11.02.29 Jn. 10:19-21 Jews Still Divided About Jesus


Bill Heinrich  -  Dec 30, 2015  -  Comments Off on 11.02.29 JEWS STILL DIVIDED

11.02.29 Jn. 10:19-21




19 Again a division took place among the Jews because of these words. 20 Many of them were saying, “He has a demon and He’s crazy! Why do you listen to Him?”


21 Others were saying, “These aren’t the words of someone demon-possessed. Can a demon open the eyes of the blind?”



Again John recorded that many Jewish people accepted the argument of the scribes and leading Pharisees, that Jesus used demonic powers to perform miracles. How could they have drawn such a conclusion?
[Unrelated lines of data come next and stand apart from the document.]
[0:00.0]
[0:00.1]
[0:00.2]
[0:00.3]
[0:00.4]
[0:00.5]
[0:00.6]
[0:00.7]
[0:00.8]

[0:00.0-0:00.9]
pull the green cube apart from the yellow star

  1. One problem was that whatever concepts they had of the messiah, and various groups had a variety of ideas,[1] Jesus did not match any of them.
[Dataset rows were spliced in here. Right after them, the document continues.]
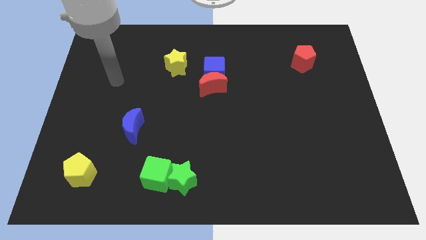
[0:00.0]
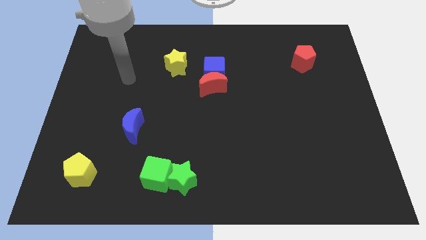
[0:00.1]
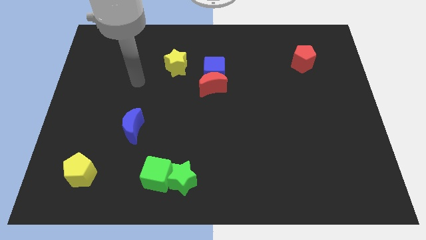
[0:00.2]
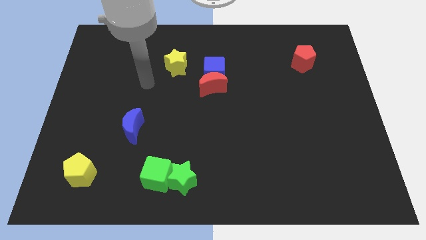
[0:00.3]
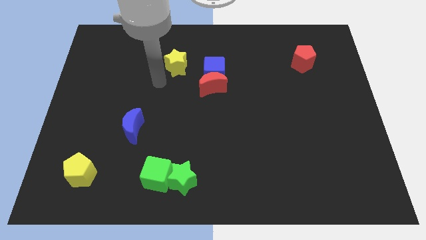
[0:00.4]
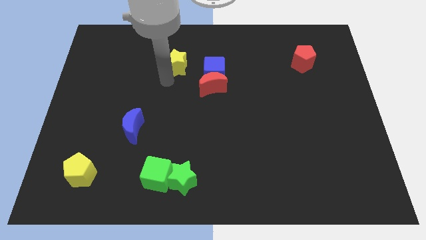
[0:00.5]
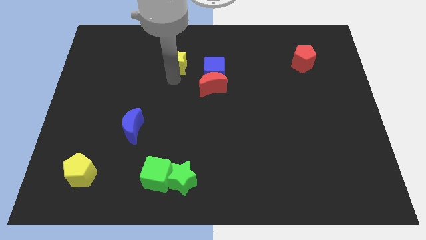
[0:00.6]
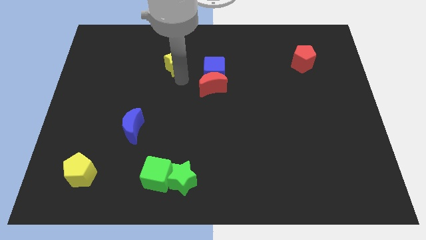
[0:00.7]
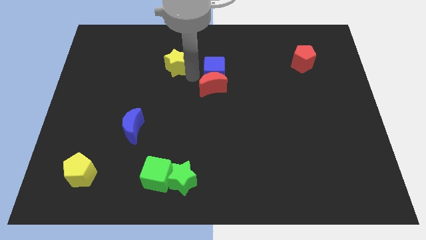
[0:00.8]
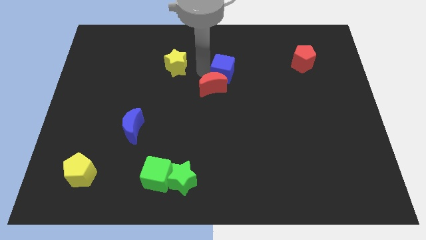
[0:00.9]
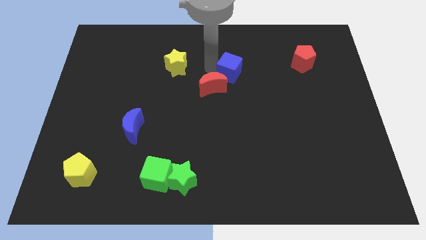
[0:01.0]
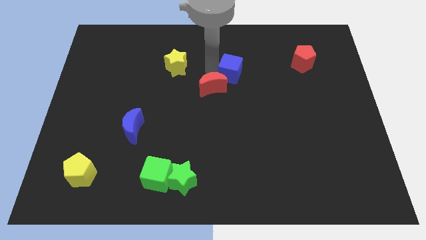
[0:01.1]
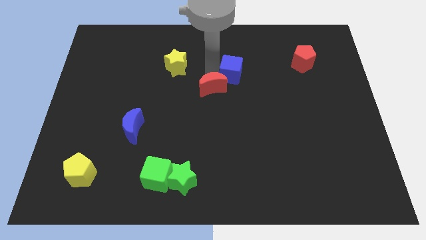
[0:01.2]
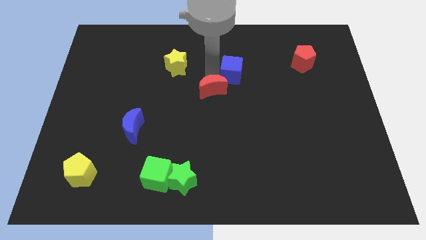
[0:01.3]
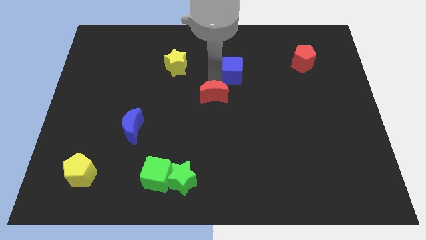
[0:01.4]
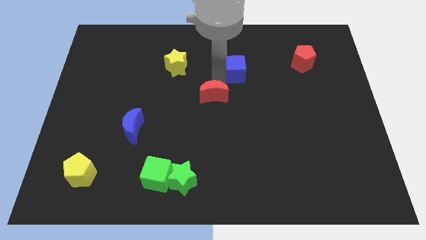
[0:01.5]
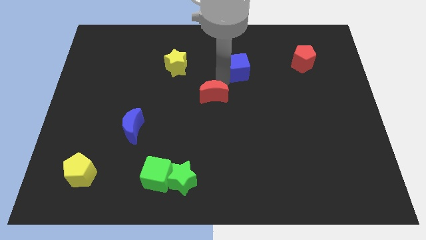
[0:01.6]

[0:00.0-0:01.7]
separate the red moon from the blue cube

  1. The idea that Jesus could be God was simply an unacceptable idea. It not only violated their understanding of the Torah, but also reminded them of the horrors that Antiochus IV Epiphanies, who claimed to be god, inflicted upon them in the second century B.C.


  1. A number of persons had claimed to be the messiah,[2] all were proven to be false prophets, and Jesus, although quite different, was said to be one of them.


  1. At this point Jesus was at times teaching in parables, often leaving His critics in bewilderment and confusion


  1. The leading Pharisees said there was no explanation for the profound miracles that Jesus performed, other than His use of demonic powers. They refused to believe anything else.

[1]. See 12.03.01.Q1 “What ‘Messianic problems’ did the Jewish leaders have with Jesus?” and 12.03.01.A “Chart of Key Points of the Messianic Problems.” See also 02.03.09 “Messianic Expectations”; 05.04.02.Q1 “What were the Jewish expectations of the Messiah?” and Appendix 25: “False Prophets, Rebels, Significant Events, and Rebellions that Impacted the First Century Jewish World.”


[2]. For a partial listing of false prophets and false messiahs, see Appendix 25: “False Prophets, Rebels, Significant Events, And Rebellions That Impacted The First Century Jewish World.”